Por Marcello Gadelha
Recentemente, a Segunda Turma do Supremo Tribunal Federal, por maioria de votos, concedeu Habeas Corpus (HC 164493) para reconhecer a suspeição do ex-juiz Sérgio Moro na condução da ação penal que condenou o ex-presidente Luiz Inácio Lula da Silva por corrupção passiva e lavagem de dinheiro referentes ao triplex em Guarujá (SP). A maioria do colegiado acompanhou o voto divergente do ministro Gilmar Mendes para determinar a anulação de todas as decisões de Sérgio Moro no caso do triplex do Guarujá, incluindo os atos praticados na fase anterior ao início do processo, por entender que ele agiu com parcialidade na condução do processo na 13ª Vara da Justiça Federal de Curitiba.
Cumpre asseverar que o direito a um julgamento isento, sem vícios, sem erros e imparcial, é basilar naquilo que o direito entende ser o dever da boa-fé processual no devido processo legal. A grosso modo, podemos afirmar que o juiz se torna suspeito quando se interessa por qualquer das partes.
Nestes termos, o Código de Processo Penal no art. 254, inciso IV, assevera que se o juiz tiver aconselhado qualquer das partes no processo em curso a posição de neutralidade e de equidistância entre os sujeitos processuais estará rompida. E neste sentido, possivelmente, antecipará já um verdadeiro pré-julgamento.
É compreensível que muitos que não orbitam no mundo jurídico tenham visto a decisão do STF de forma repugnante, a não perceber que havia vício no nascedouro processual. Assim, visando dirimir essa incompreensão, trago ao leitor um dos conceitos mais primitivos do direito, que é a descrição do Direito Natural no sentido daquilo que é justo.

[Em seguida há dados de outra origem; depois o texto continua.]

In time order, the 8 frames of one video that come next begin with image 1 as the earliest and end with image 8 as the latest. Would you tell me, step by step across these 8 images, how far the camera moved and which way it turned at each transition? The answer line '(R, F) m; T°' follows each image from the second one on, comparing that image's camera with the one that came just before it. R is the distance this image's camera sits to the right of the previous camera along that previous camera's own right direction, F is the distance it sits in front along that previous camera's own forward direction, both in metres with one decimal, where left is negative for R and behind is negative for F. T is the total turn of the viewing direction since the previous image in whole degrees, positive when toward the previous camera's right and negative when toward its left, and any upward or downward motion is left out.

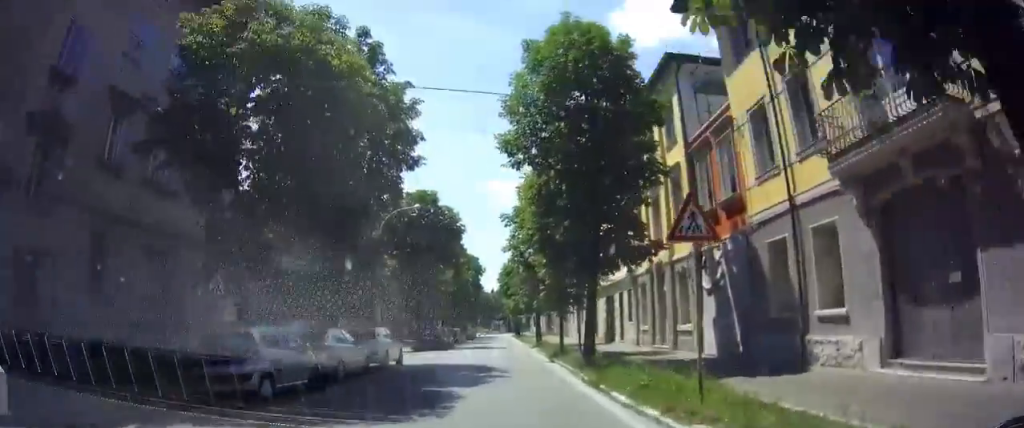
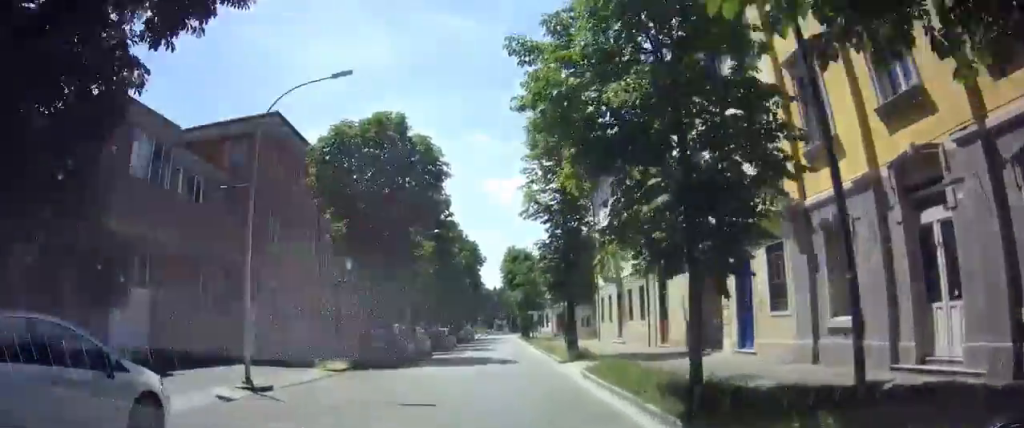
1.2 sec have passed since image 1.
(0.0, +15.7) m; -2°
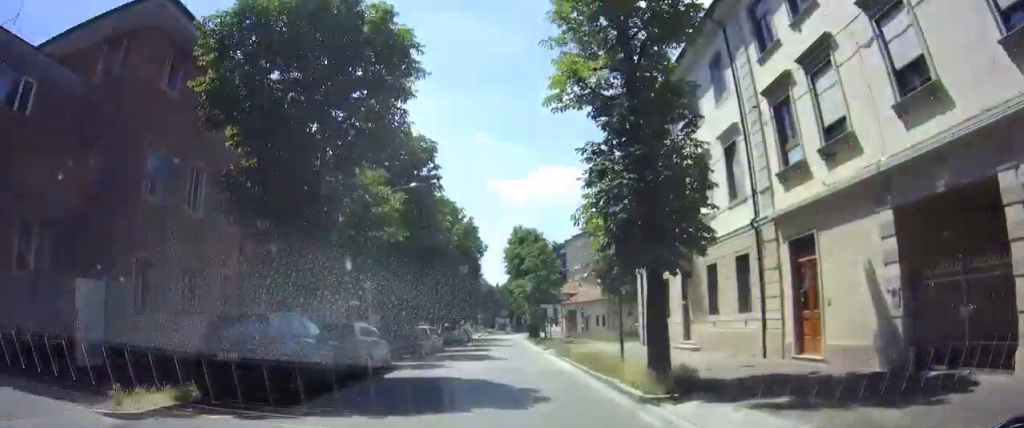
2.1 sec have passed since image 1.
(-0.4, +11.5) m; 0°
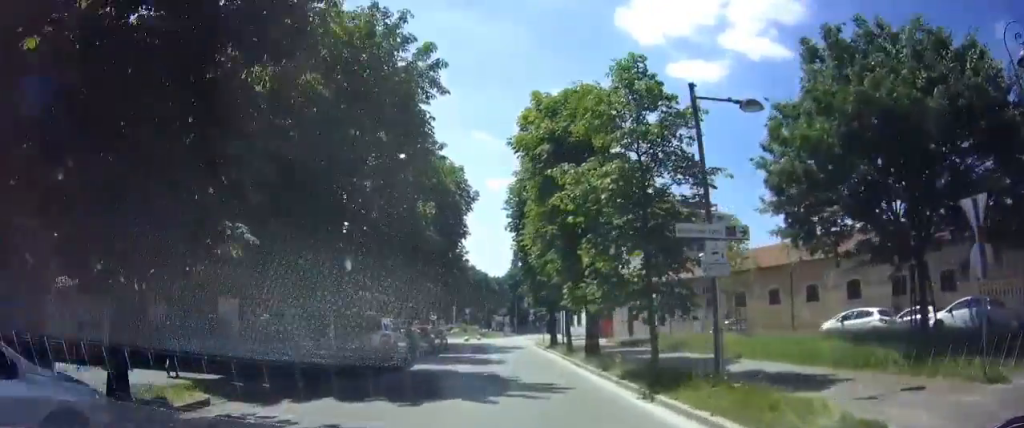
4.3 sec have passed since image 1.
(+1.4, +28.1) m; +3°
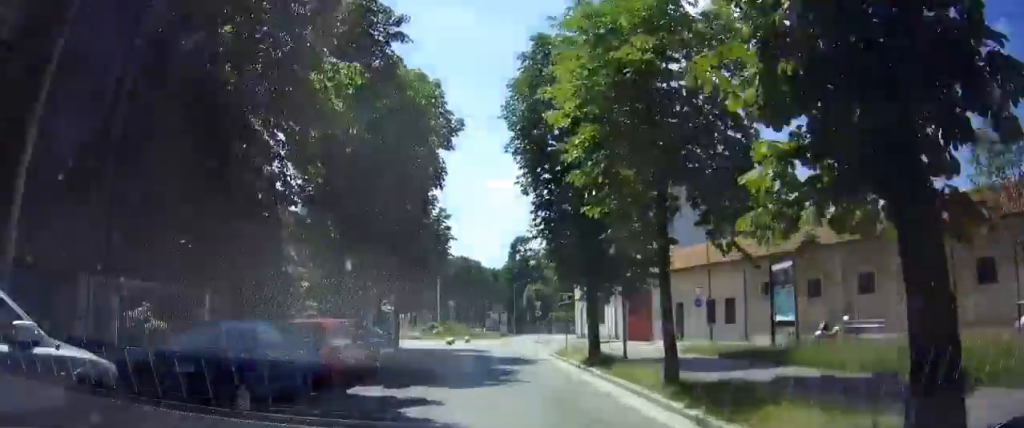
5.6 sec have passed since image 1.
(0.0, +15.2) m; +1°
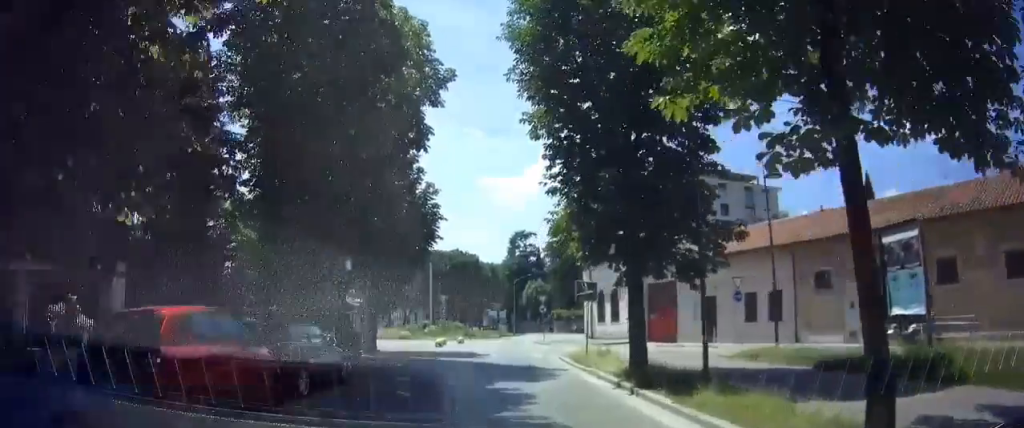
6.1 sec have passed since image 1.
(+0.1, +6.0) m; 0°
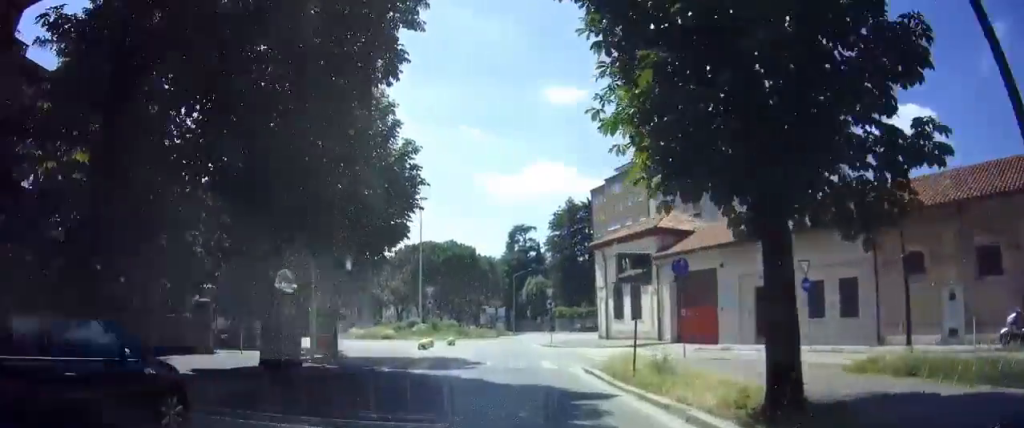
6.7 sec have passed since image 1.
(0.0, +6.9) m; -1°
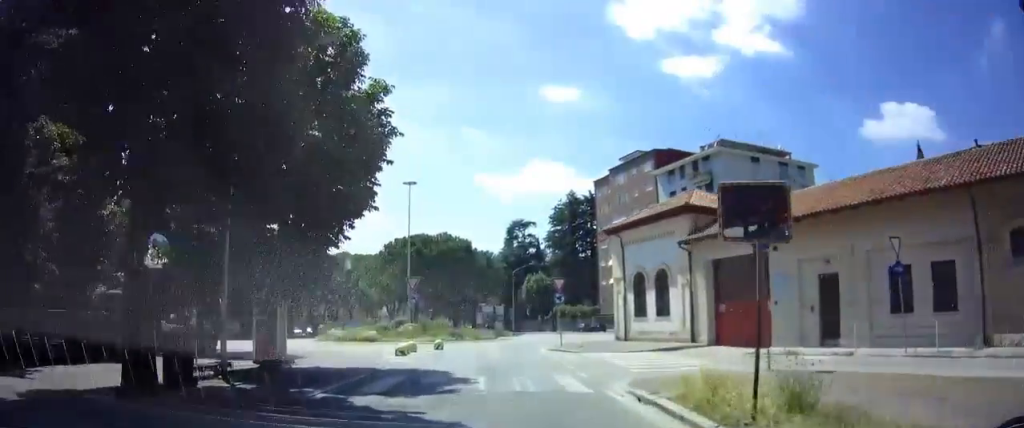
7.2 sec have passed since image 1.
(0.0, +6.3) m; 0°
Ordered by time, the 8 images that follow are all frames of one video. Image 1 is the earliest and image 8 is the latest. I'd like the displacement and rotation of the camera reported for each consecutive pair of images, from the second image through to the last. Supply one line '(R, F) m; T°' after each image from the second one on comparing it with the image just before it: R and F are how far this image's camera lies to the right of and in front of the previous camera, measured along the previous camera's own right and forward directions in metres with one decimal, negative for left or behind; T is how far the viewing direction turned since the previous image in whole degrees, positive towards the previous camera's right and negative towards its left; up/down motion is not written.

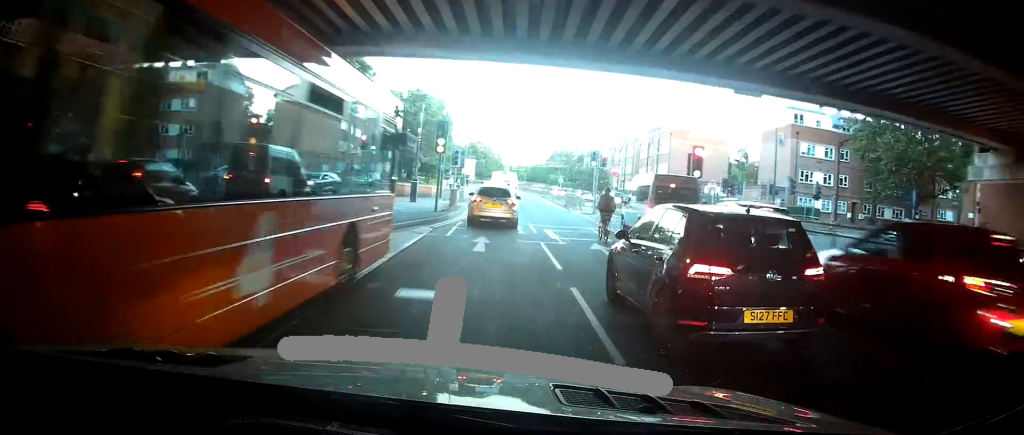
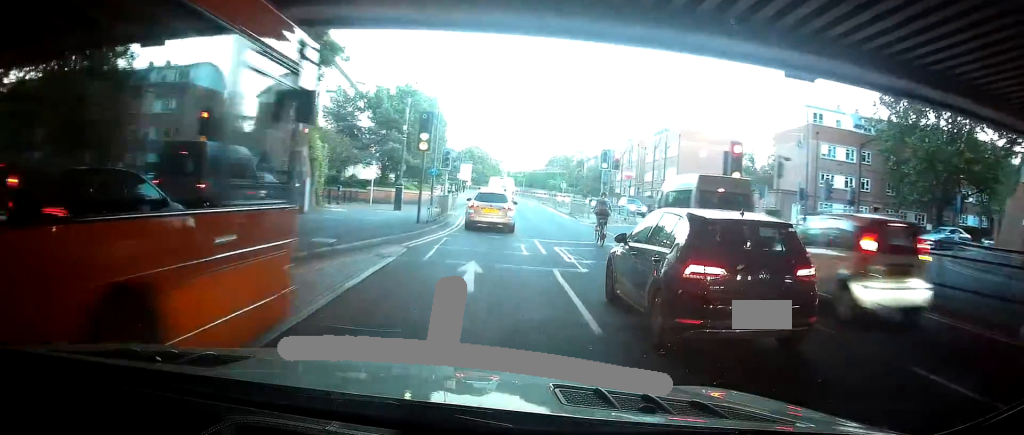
(0.0, +4.8) m; +1°
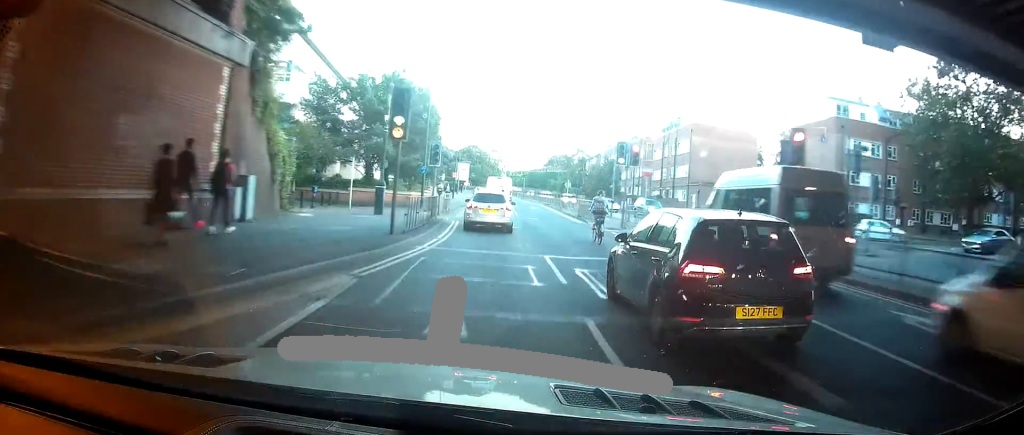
(+0.4, +5.1) m; 0°
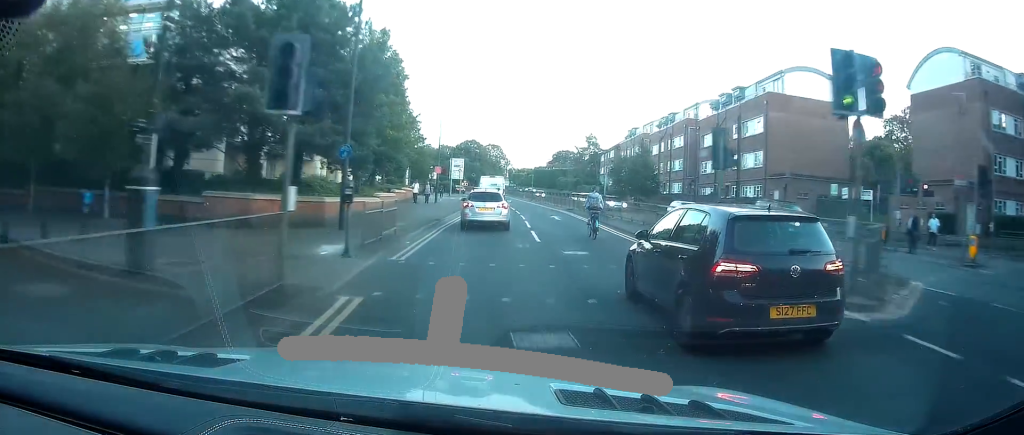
(-0.6, +19.6) m; -3°
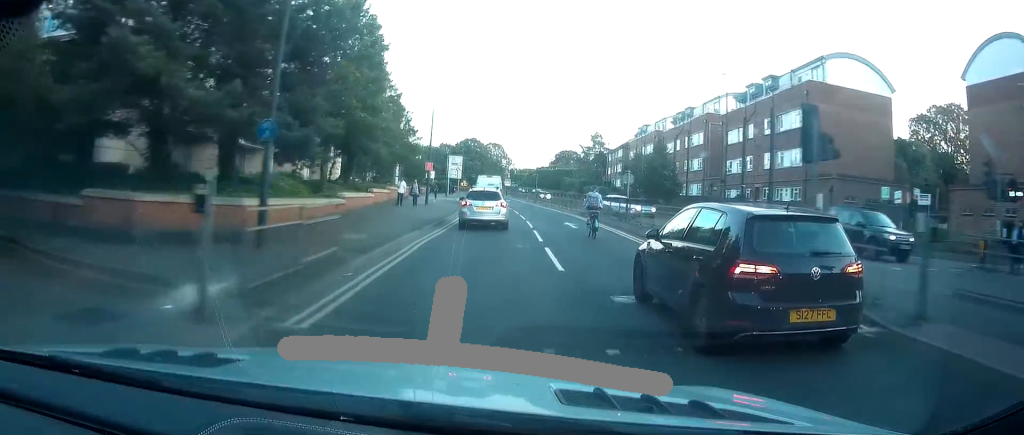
(+0.1, +6.4) m; 0°
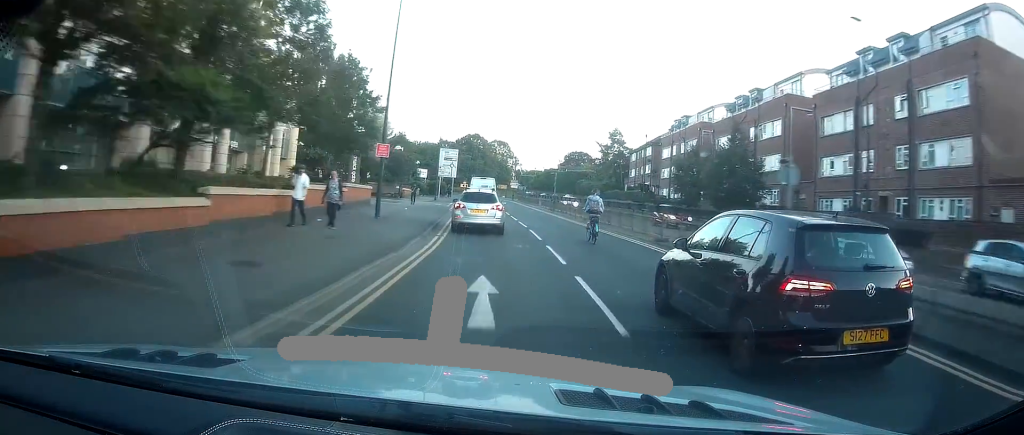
(-0.3, +16.7) m; -2°
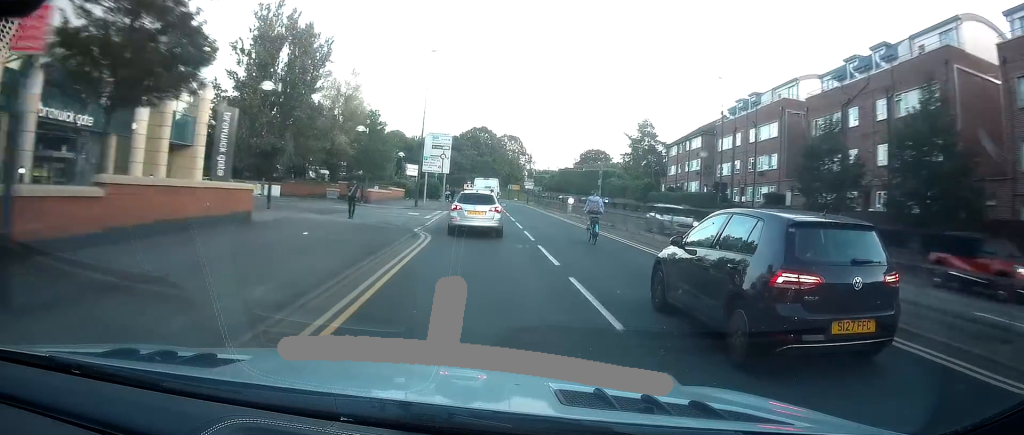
(-0.4, +17.9) m; -2°
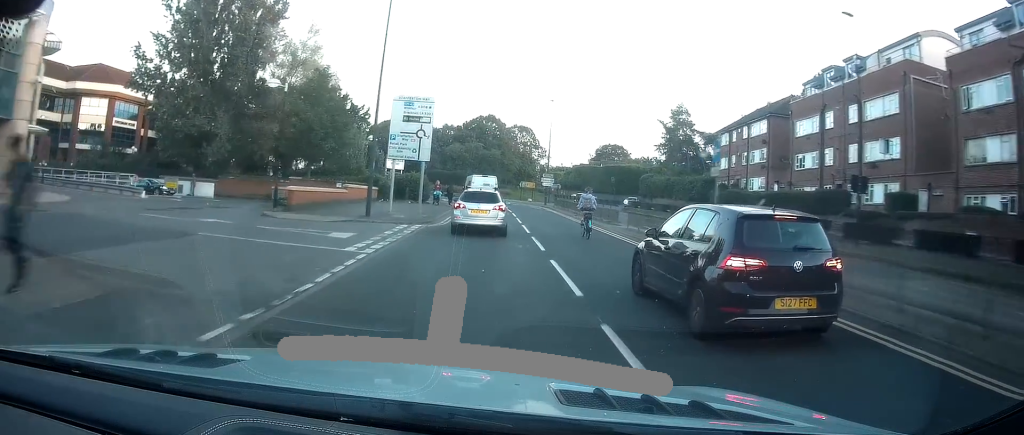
(-0.1, +15.5) m; -1°

Nas palavras de Jacques Leclercq, o Direito Natural seria o resultado dos princípios mais gerais sobre a ordem do mundo, usados para que se oponham aos governantes injustos.
As primeiras manifestações de jusnaturalismo são encontradas na Antiga Grécia. O Direito Natural da Antiguidade está presente em Platão e em Aristóteles. Este, por sinal, enquanto discípulo de Platão, foi também um teórico da justiça. A imparcialidade jurídica foi o modelo que adotou, juntamente com a objetividade da natureza.
Ao analisar o direito natural aristotélico, o filósofo Costas Douzinas sintetiza: “O direito natural reivindica a verdade da natureza contra o senso-comum e a dignidade do argumento e da dialética contra a banalidade e a opinião convencional.”
De maneira elucidativa, o natural na vida é sermos julgados com isenção e sem evidências de que houve algum tipo de benefício ou favorecimento a terceiro que venha a nos prejudicar.
Com efeito, a assertiva de que fazer justiça antes de mais nada requer fazer aquilo que os preceitos legais determinam, nem sempre se cristaliza diante da interpretação a que cada julgador exerce a julgar. Neste passo, ao se utilizar de uma lupa para se aplicar o direito, o grau da lente não deve e não pode distorcer o sentimento de justiça, pois nestes casos o justo torna-se ilegal.
Posto isto, há uma máxima que diz: a razão impõe que é melhor sofrer uma injustiça que cometê-la. Assim, diante do paciente que sofreu uma injustiça e daquele que a impôs, o justo, portanto, se restabeleceu.